We currently have a 7/8 year old Samsung 55" TV, which is still working well and my wife thinks it is plenty big enough for our living room. Obviously we all know she is wrong.
I have a study/den which was previously a single garage so that you have an idea of rough dimensions. I have previously painted the end wall white to use it as a screen for a projector, which never materialised as the room was required as my study.
I am now considering the following and would appreciate the opinion of those rather better informed than I.
My thoughts are as follows:
Samsung OLED or QLED 75 inch in the living room, which then frees up the current 55 inch for the study/den.
OR
Leave the current TV as it is and purchase a projector to use in the study/den. I know less than nothing about projectors or what to look for and having had a bit of a look, price doesn't always seem to equal spec, so I am a bit lost.

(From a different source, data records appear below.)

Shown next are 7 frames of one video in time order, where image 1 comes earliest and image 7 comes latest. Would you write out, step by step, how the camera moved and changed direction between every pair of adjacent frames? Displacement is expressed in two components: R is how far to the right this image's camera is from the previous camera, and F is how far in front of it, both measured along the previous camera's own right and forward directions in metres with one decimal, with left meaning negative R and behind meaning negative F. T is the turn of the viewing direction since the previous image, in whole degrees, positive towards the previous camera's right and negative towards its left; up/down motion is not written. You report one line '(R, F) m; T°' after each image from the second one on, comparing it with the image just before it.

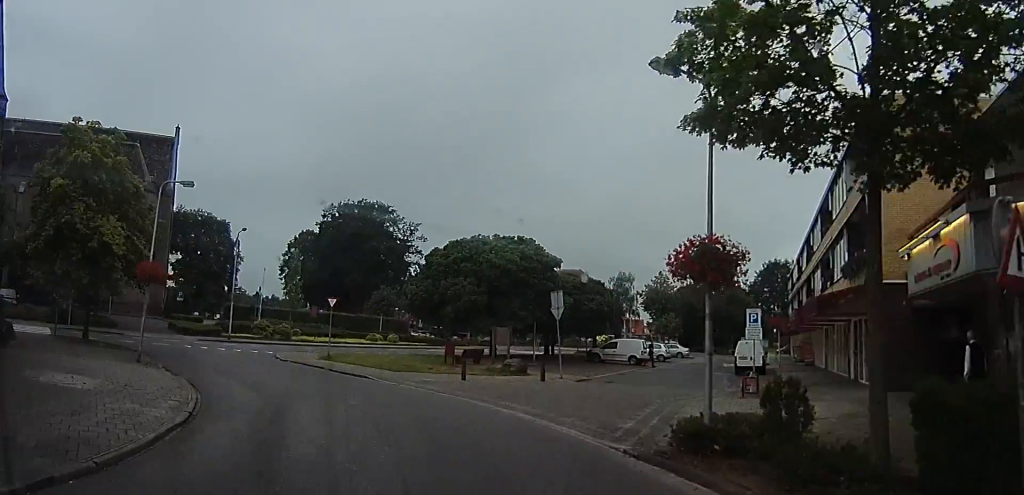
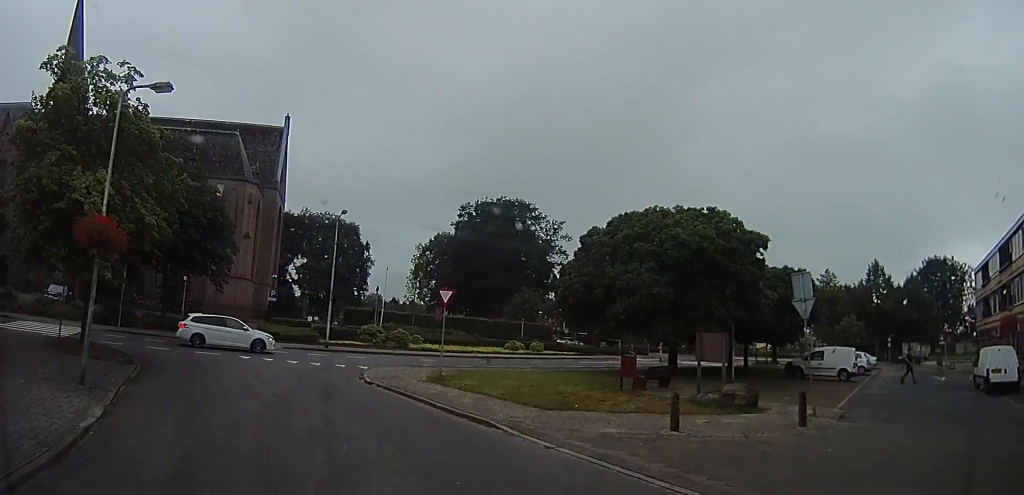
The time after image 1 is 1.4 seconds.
(-0.4, +8.6) m; -11°
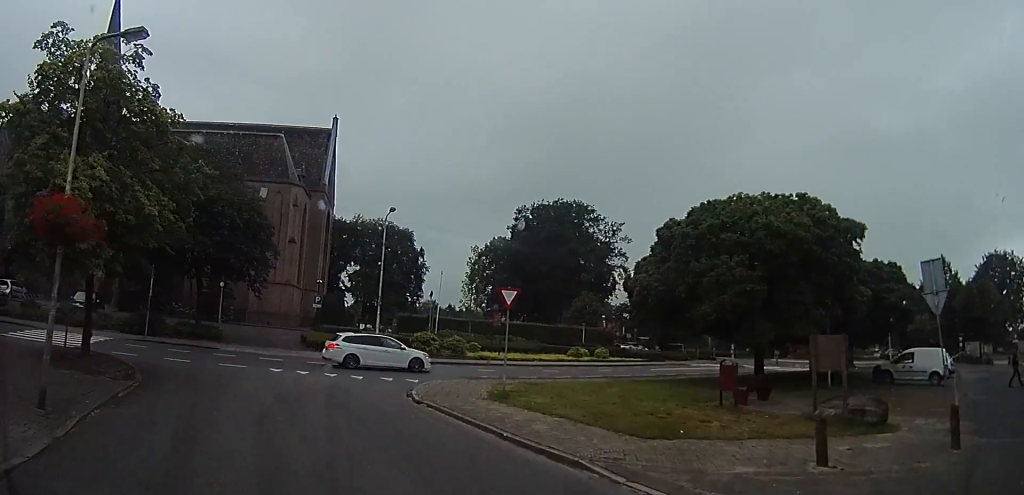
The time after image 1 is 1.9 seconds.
(+0.1, +2.8) m; -7°
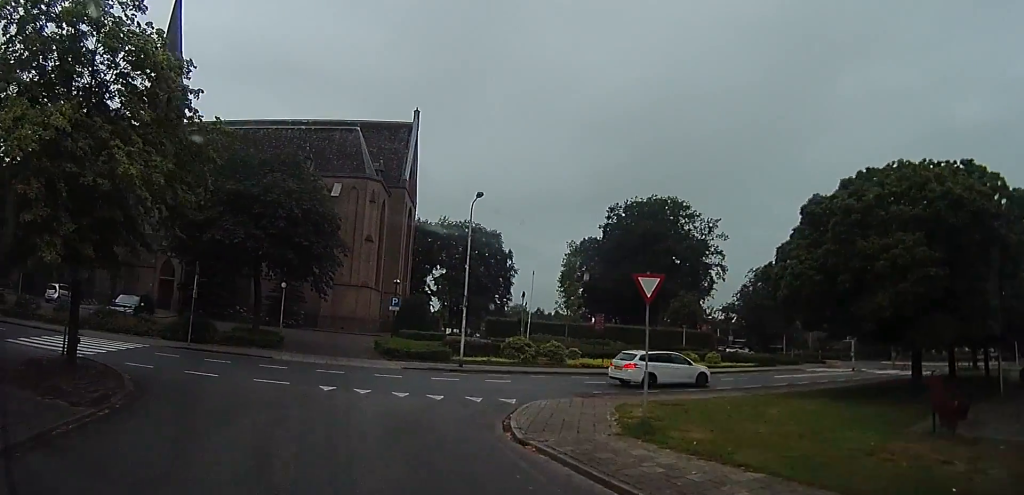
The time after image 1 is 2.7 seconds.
(-0.9, +4.4) m; -15°
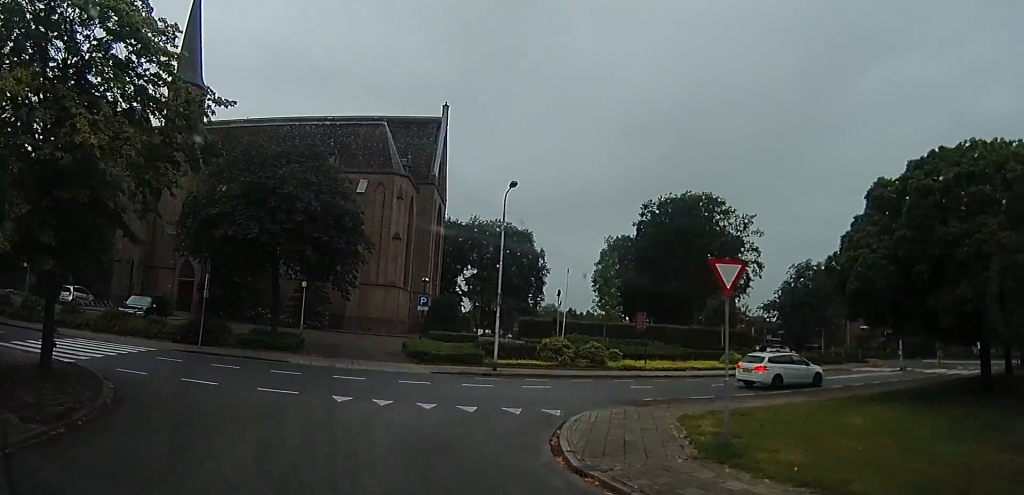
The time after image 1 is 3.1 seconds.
(-0.1, +1.9) m; -1°
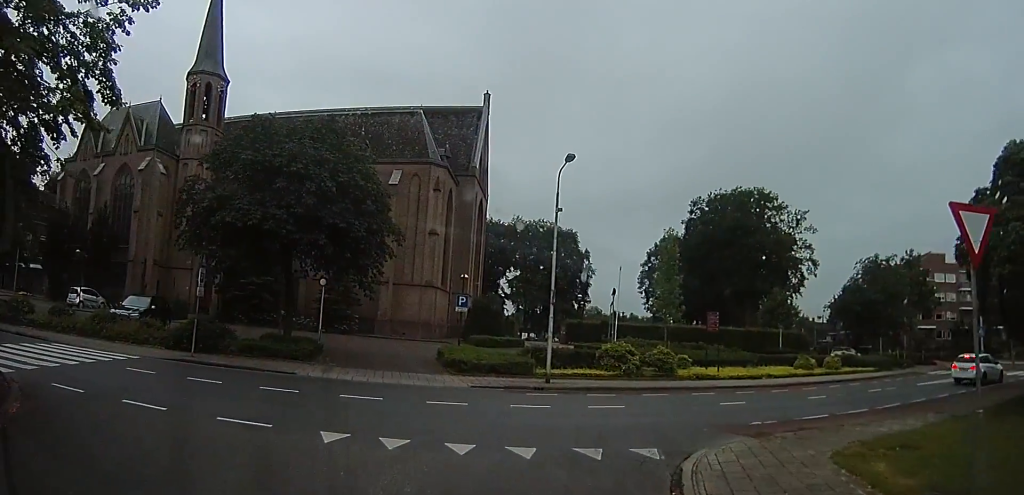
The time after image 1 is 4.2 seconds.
(-0.1, +4.3) m; +3°
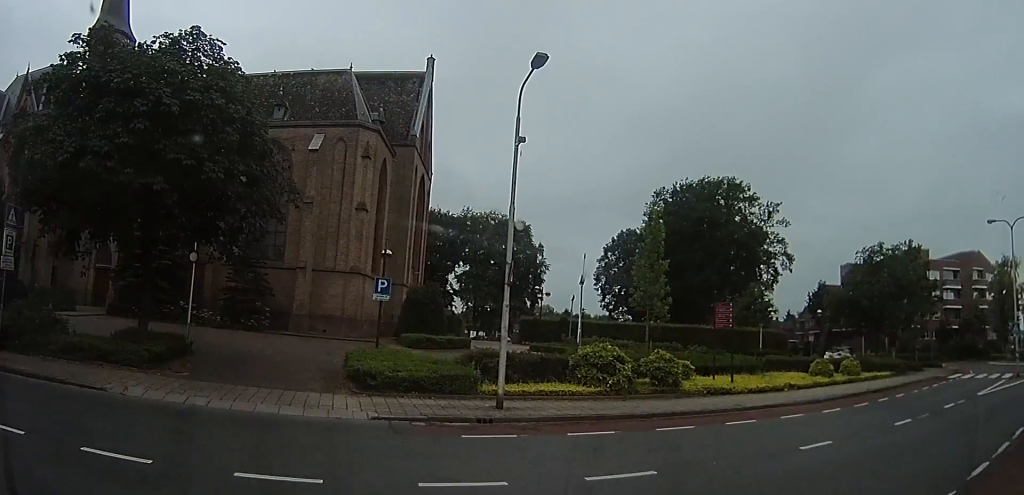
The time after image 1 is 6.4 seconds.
(+0.6, +6.9) m; +18°

I also have x7 Sonos Play 1 located around the house with a stereo pair in the living room working purely for music. I am considering a Sonos Beam or Arc to use in conjunction with the x2 P1s. I appreciate there may be better out there for similar money, but do like the usability of SONOS, especially when linked with Spotify.
I could probably get a TV, Projector and Beam for my budget, but would rather buy less things, but have better versions if you get my drift, so possibly just a projector and an Arc. I have also read on here that the Amp is a worthy investment, but it is quite expensive.
I don't have to spend all of the £3k and it would be quite nice not to have to. I am no audiophile as you will have ascertained by now. I want to watch action films and jump when explosions go off behind me etc etc.
We have an XboxS and a Switch for the children (7+8) and I am not sure if they would be better using a massive projected screen or just stick to the TV.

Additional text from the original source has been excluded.